The beginning of the payload starts with 3 fields:
uint16_t standard_version;
uint32_t vendor_ext_id;
uint16_t version;
What follows next are 6 PTP_TC_UINT16ARRAY
arrays describing what codes the device supports. Parsing these is as simple as
reading the first 4 bytes as the array length (uint32_t
), reading the next length * 2
bytes as uint16_t
.
Next are 4 strings. Almost all strings in PTP are encoded as wide strings. The first byte is read as the length of the string (in chars),
and the rest are a series of wide chars (int16_t
) with a null terminator. The length field includes the null terminator.
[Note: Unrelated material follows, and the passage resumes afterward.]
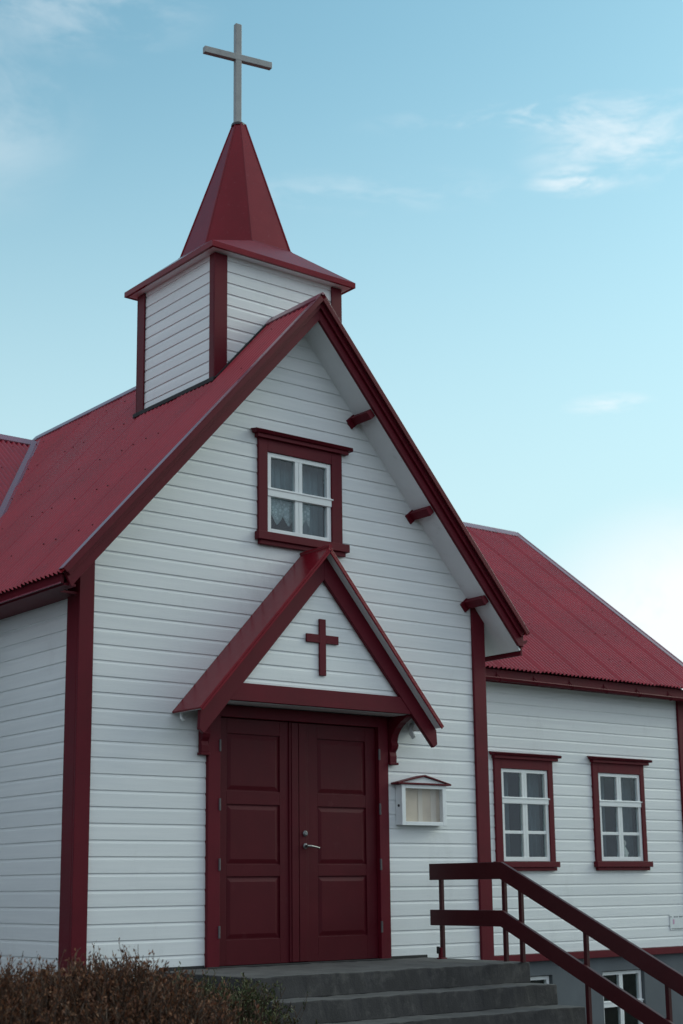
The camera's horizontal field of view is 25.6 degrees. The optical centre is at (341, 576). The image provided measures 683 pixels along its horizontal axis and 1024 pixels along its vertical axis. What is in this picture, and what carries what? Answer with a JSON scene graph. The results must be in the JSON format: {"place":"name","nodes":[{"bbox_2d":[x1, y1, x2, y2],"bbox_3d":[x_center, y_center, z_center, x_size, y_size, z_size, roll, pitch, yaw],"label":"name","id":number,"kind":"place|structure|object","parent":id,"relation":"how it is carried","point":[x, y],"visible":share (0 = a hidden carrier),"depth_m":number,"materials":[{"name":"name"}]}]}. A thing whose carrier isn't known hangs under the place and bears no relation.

Sending data to the responder
For example, sending a SetDevicePropValue
request:
10 00 00 00
01 00
16 10
03 00 00 00
05 50 00 00
The first parameter is 0x5005
, or PTP_PC_WhiteBalance
As described in the MTP spec, PTP_PC_WhiteBalance
is a UINT16
data type.
So the data packet in this case will be 2 bytes:
0e 00 00 00
02 00
16 10
03 00 00 00
01 00
This sets PTP_PC_WhiteBalance
to 0x0001
, or 'Manual'.
After this, we expect a response packet from the responder.
What's next?
The packet structure described in this document is for PTP/USB only. PTP/IP has a totally different packet structure and way of sending packets. Thankfully, I have started to document it here.
Notes on USB
A PTP/USB device should have at least two endpoints - one for sending data and the other for receiving. There may also be an interrupt endpoint. This is a read only endpoint that the client may poll to get event codes.
The class for PTP devices should be 0x06
for Still Imaging devices, as described by the USB forum
vcam
vcam is an responder implementation of PTP, MTP, and other proprietary PTP extensions that can be used with unmodified PTP clients. This may be useful if you want test yours.